A move like you made seems dangerous to me, because you end up rather isolated. For at least the first few months, you are unlikely to have anyone else to truly talk to and spend time with other than your husband. Particularly in a situation like this, where your husband will be immediately surrounded with a built in set of work colleagues, and you will not. This was why I asked you how you were filling your days, and whether you had managed to find a few friends.
If the move is working for you, even if not in the way you originally envisioned, then I’m happy for you! But if things are not working out in a way that you actually LIKE, you will probably need to tap that same courageous streak that runs up your center, and take steps to address the issue.
My greatest fear is that the light that shines from you will be dimmed. Or, God forbid, extinguished. That would be a tragedy, and a massive loss for those of us who count you as a friend.

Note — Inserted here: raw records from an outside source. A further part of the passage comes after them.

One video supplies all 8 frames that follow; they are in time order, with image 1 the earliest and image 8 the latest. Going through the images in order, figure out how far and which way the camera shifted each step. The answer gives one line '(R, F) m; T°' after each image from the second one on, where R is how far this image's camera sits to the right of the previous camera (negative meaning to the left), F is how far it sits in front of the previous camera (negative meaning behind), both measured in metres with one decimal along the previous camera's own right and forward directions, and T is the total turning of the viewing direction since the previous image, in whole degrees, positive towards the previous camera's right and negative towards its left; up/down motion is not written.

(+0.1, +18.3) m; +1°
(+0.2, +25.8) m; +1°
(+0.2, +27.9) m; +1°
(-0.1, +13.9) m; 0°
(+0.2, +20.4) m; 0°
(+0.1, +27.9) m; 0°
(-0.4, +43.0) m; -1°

All of which is to say, I wish only the best for you. But I remain concerned.
I cherish this email and read it from time to time. It helps SO MUCH!
Being a trailing spouse, there are a lot of periods of being alone.

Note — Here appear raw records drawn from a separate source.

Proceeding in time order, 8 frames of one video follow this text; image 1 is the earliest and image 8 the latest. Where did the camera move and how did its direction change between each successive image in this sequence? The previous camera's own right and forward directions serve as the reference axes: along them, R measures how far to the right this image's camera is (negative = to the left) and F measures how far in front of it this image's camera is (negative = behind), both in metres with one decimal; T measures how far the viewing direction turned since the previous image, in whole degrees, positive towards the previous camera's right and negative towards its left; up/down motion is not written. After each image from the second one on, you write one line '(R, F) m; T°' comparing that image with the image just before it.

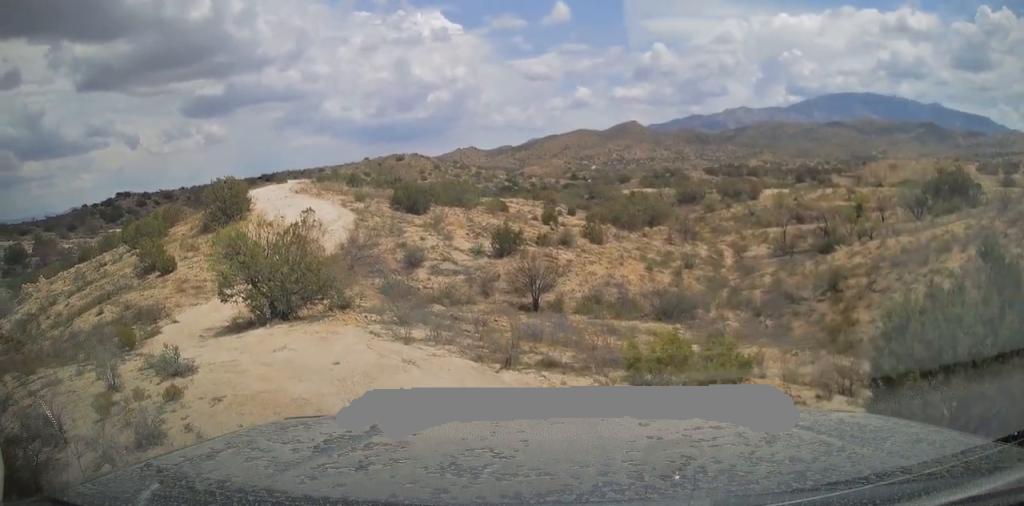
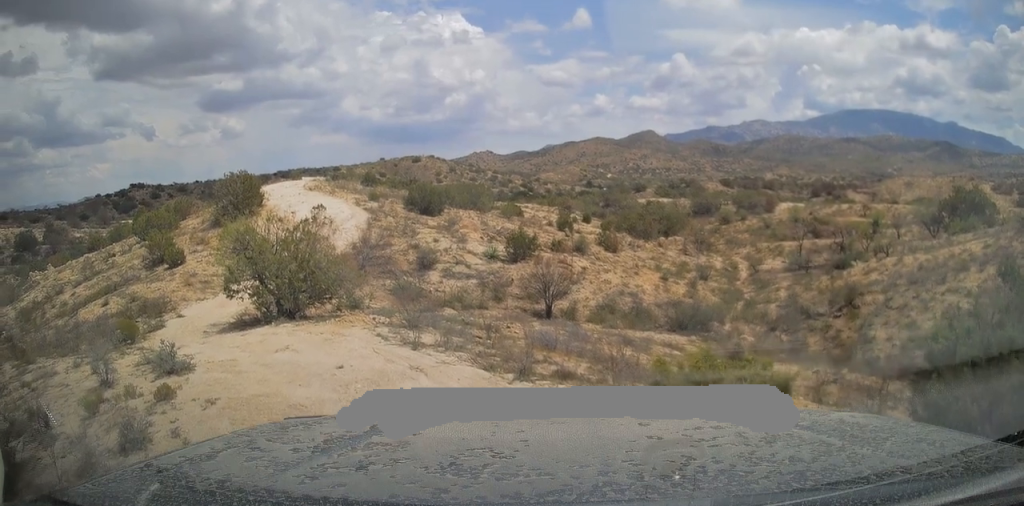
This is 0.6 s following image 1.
(0.0, +0.6) m; 0°
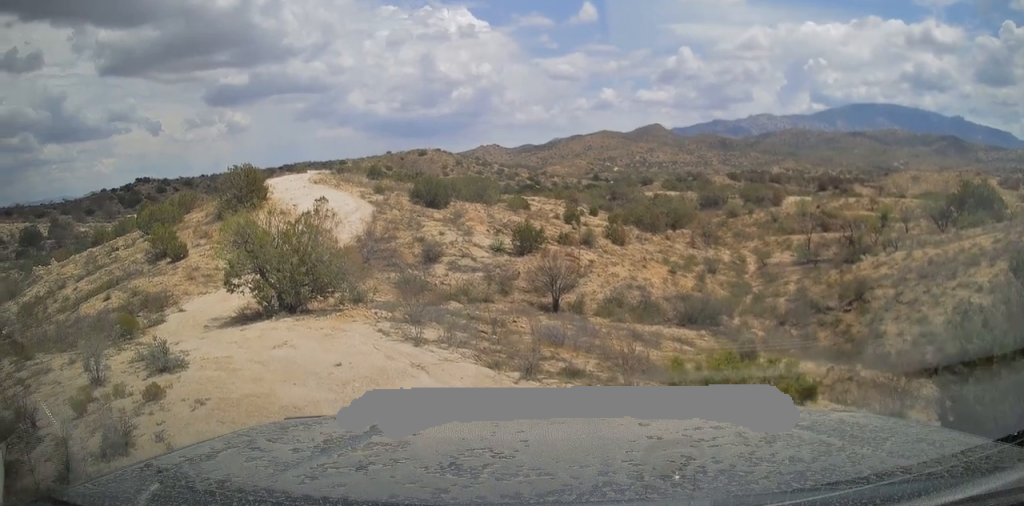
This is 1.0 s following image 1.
(-0.1, +0.4) m; 0°
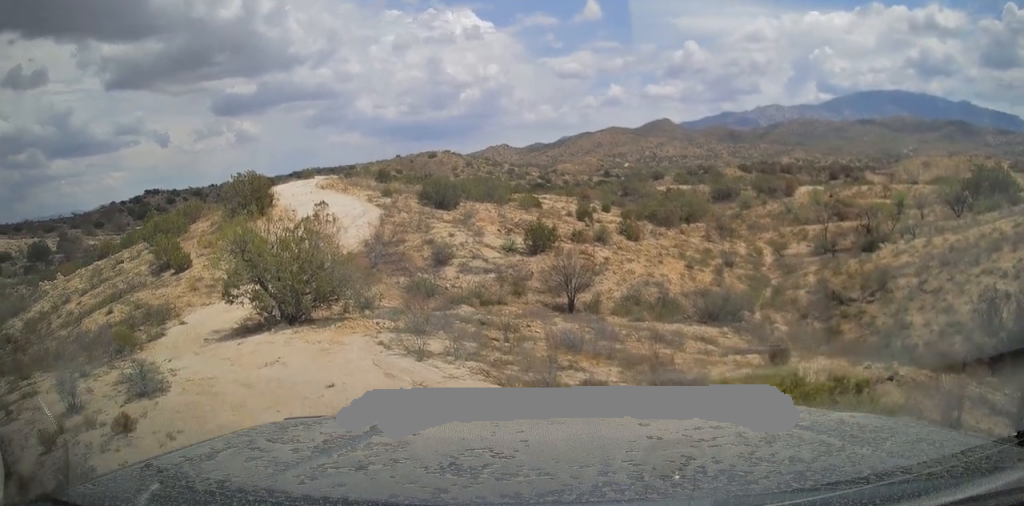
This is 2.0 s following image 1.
(+0.5, +0.8) m; 0°
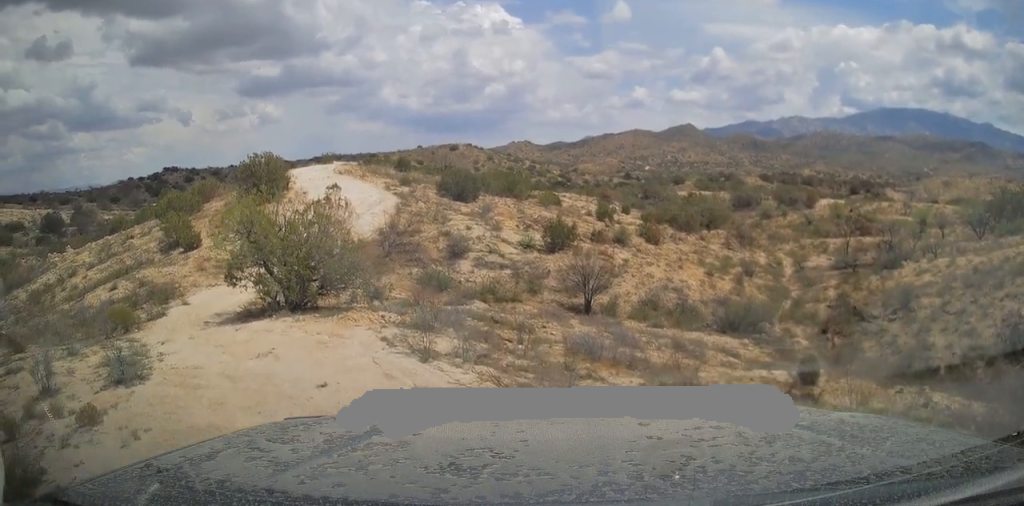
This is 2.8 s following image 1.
(+0.1, +1.1) m; +3°
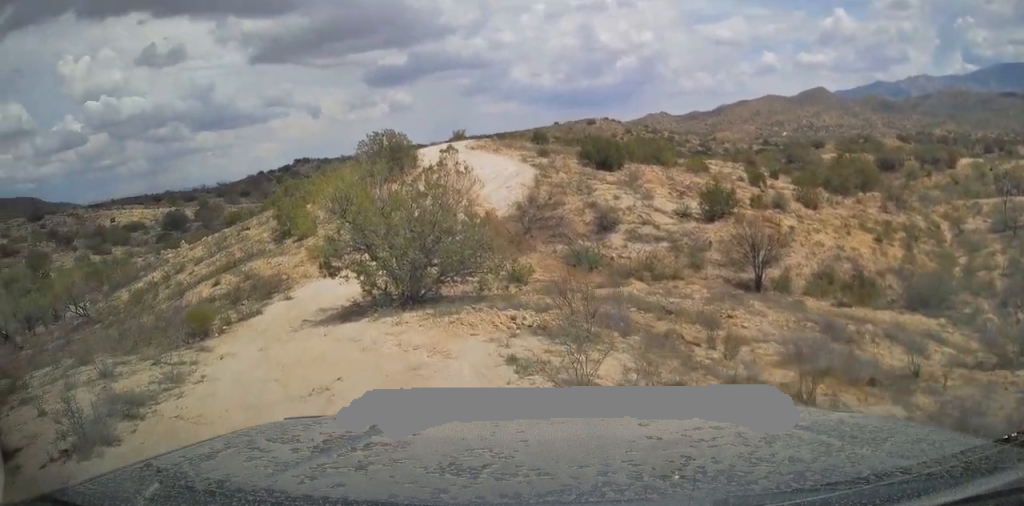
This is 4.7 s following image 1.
(-0.2, +4.2) m; -10°
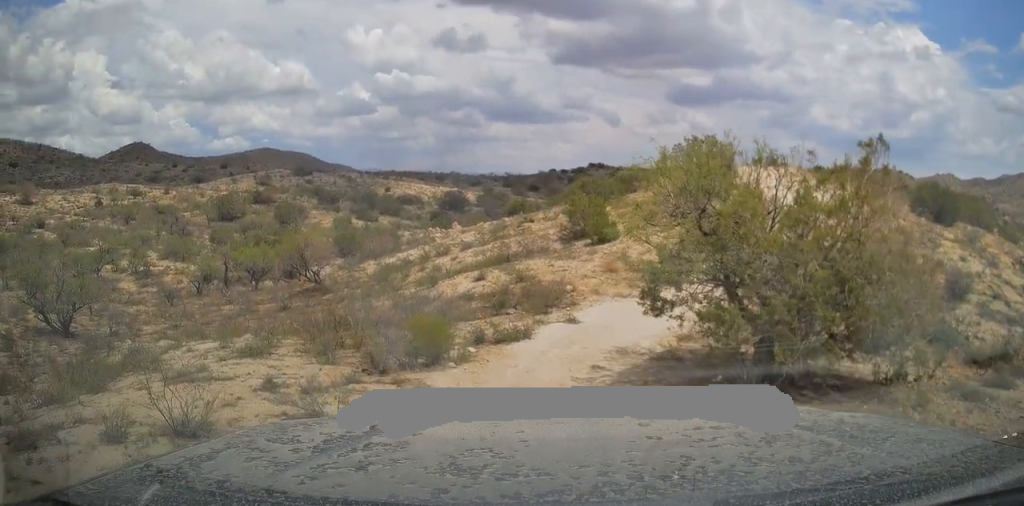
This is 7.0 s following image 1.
(-1.0, +5.7) m; -17°
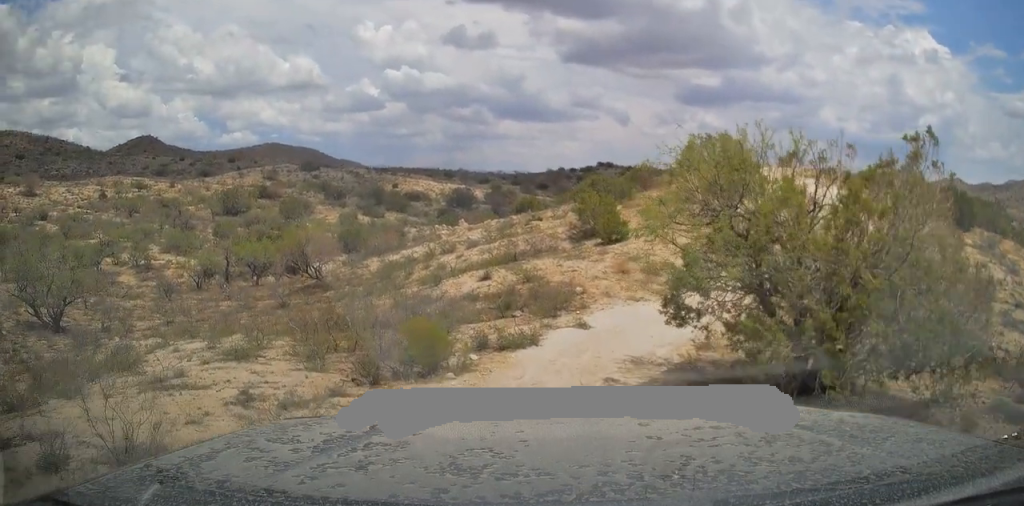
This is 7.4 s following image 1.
(0.0, +0.9) m; -1°

Situational depression is a thing & it tells its victims a lot of lies.
Situational depression lays a heavy blanket on its victims, making it feel to be effortless. It’s so important to recognize when it’s upon you, and to know the exact opposite should be applied. Take action, communicate to others and seek professional support. This corresponds to number 8) & 9) and again I repeat, why 1) & 2) are vital to living abroad.
As much as I traveled in our first year, there was a good amount of time I was alone (Tim travels frequently). In the beginning, being on an island without an established supportive group of friends did turn being alone into moments of loneliness. Where that heavy blanket almost felt like a layer of concrete. It’s heaviness seeped into my brain and filled my thoughts of doubt, worry and emptiness.
Being alone and being lonely are 2 different things.
My lesson and advice for those who experience this challenge is to speak up. Thank goodness for my husband and fellow expats that I can talk to about this. As it is not something to get over. It needs attention and action to get through.
P.S. Fellow expats – if you’re feeling loneliness – reach out to me and let’s chat. You are not alone 😉
Attitude can change the landscape of your experience. In the early months of life abroad, I had times of loneliness. My amazing husband responded to my needs and said, “that’s it, we’re moving back.” My immediate reaction was “no”. I recognized I was having bad moments that came in waves. I was determined to shake off that heavy blanket off indefinitely.
Focusing on and being positive is something I like to think I inherently do and I find it extremely annoying listening to complainers. While I recognize I’m not rainbows and butterflies 100% of the time – because that’s just lunacy. I’m determined to not allow my moments of sadness and loneliness the reason to end our journey.
Which are few and far between nowadays (in case anyone is worried).
There is it. The top 10 things to know about life abroad.
The last few points sound serious and scary but I want to be 100% honest and transparent. There are ups and downs to life abroad.
There are more ups than downs.
I don’t want to discourage anyone but I also don’t want to gloss over the truths.
There are ways to making life abroad absolutely amazing and I can say I am living my best life.
I do not regret moving abroad.
It’ll be interesting to see a few months from now, what my 2020 Self thinks of my 2019 Self. Will I roll my eyes, laugh and think oh – you knew nothing little grasshopper. TBD. Or realize that expanding skills and new experiences is life shaping.
Cheers to shape shifting expat lifestyle skills.